WORKING DATA:

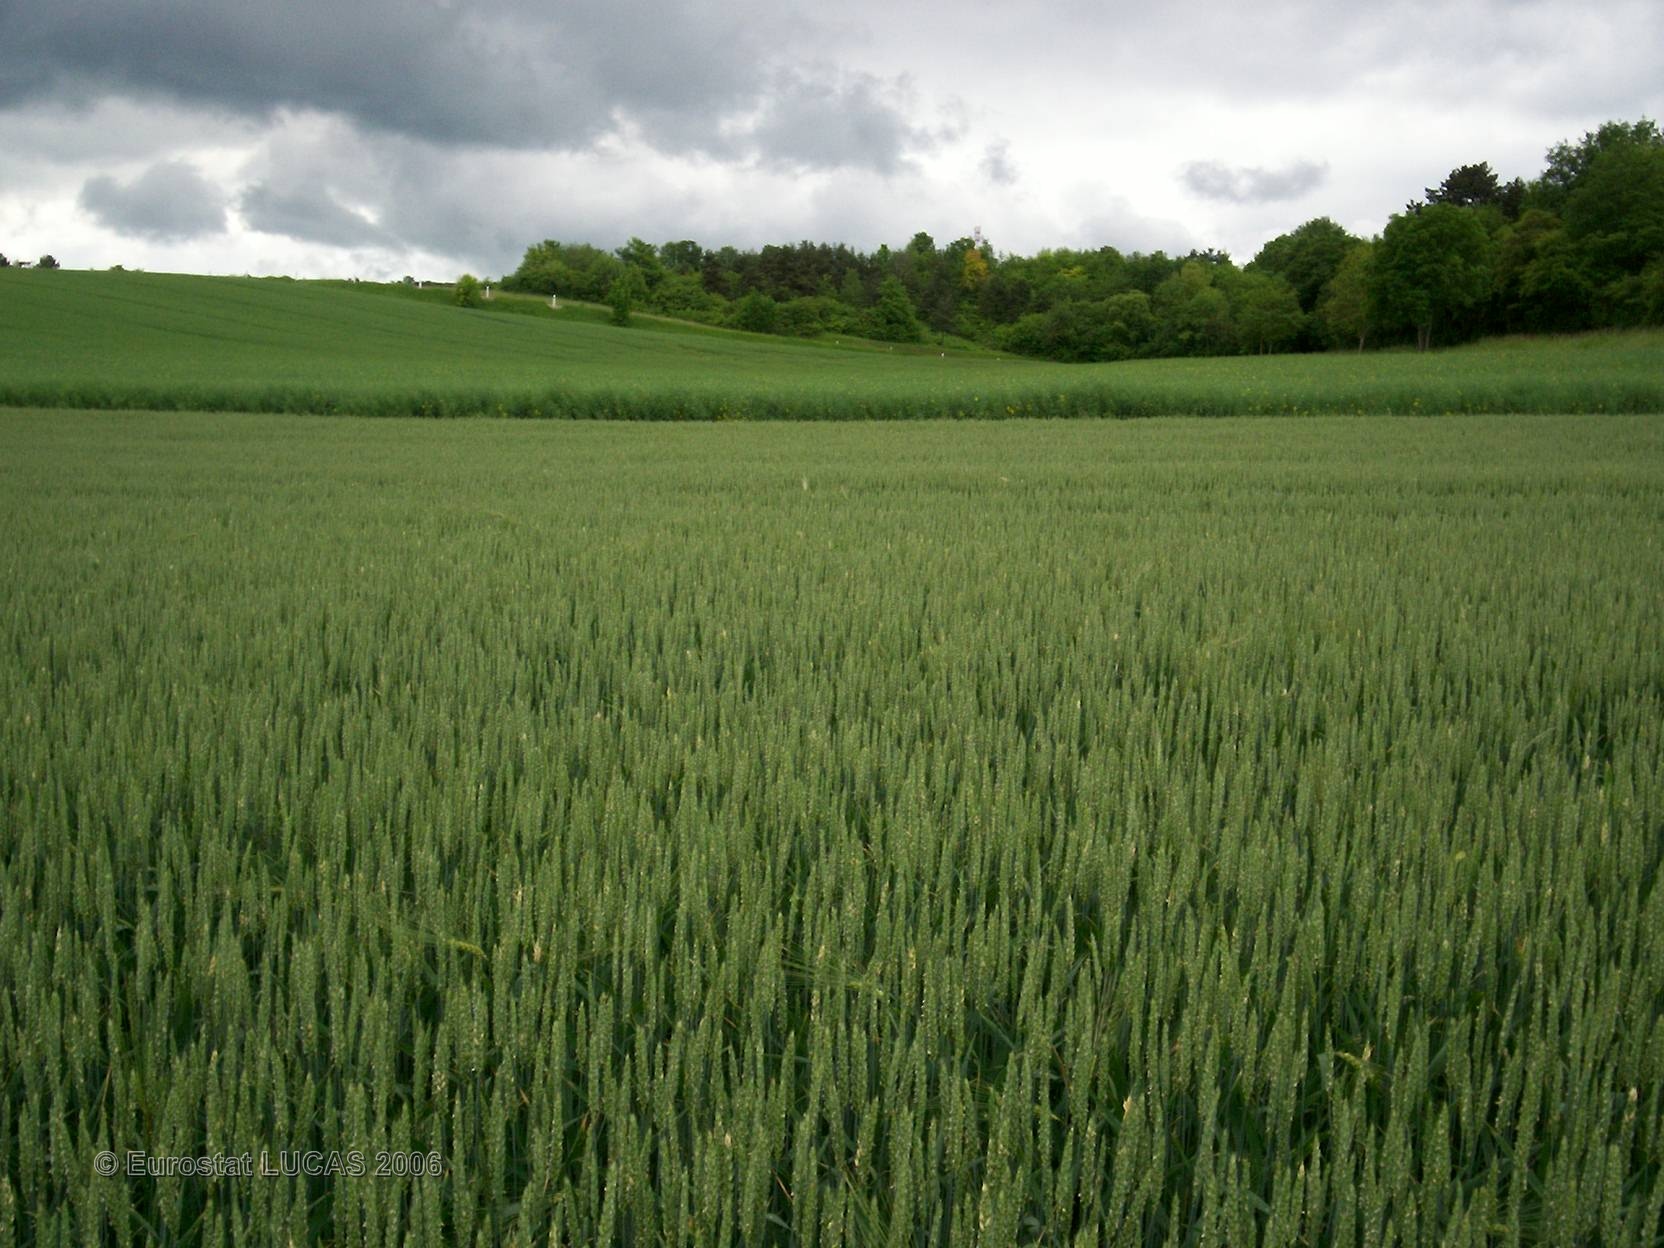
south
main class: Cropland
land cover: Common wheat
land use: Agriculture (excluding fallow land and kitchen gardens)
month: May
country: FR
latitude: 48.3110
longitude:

EXERCISE GOAL:
The line that contains "main class: Cropland", the final line of the listing, and every line between them are to be retyped exactly; nothing else.

EXPECTED ANSWER:
main class: Cropland
land cover: Common wheat
land use: Agriculture (excluding fallow land and kitchen gardens)
month: May
country: FR
latitude: 48.3110
longitude:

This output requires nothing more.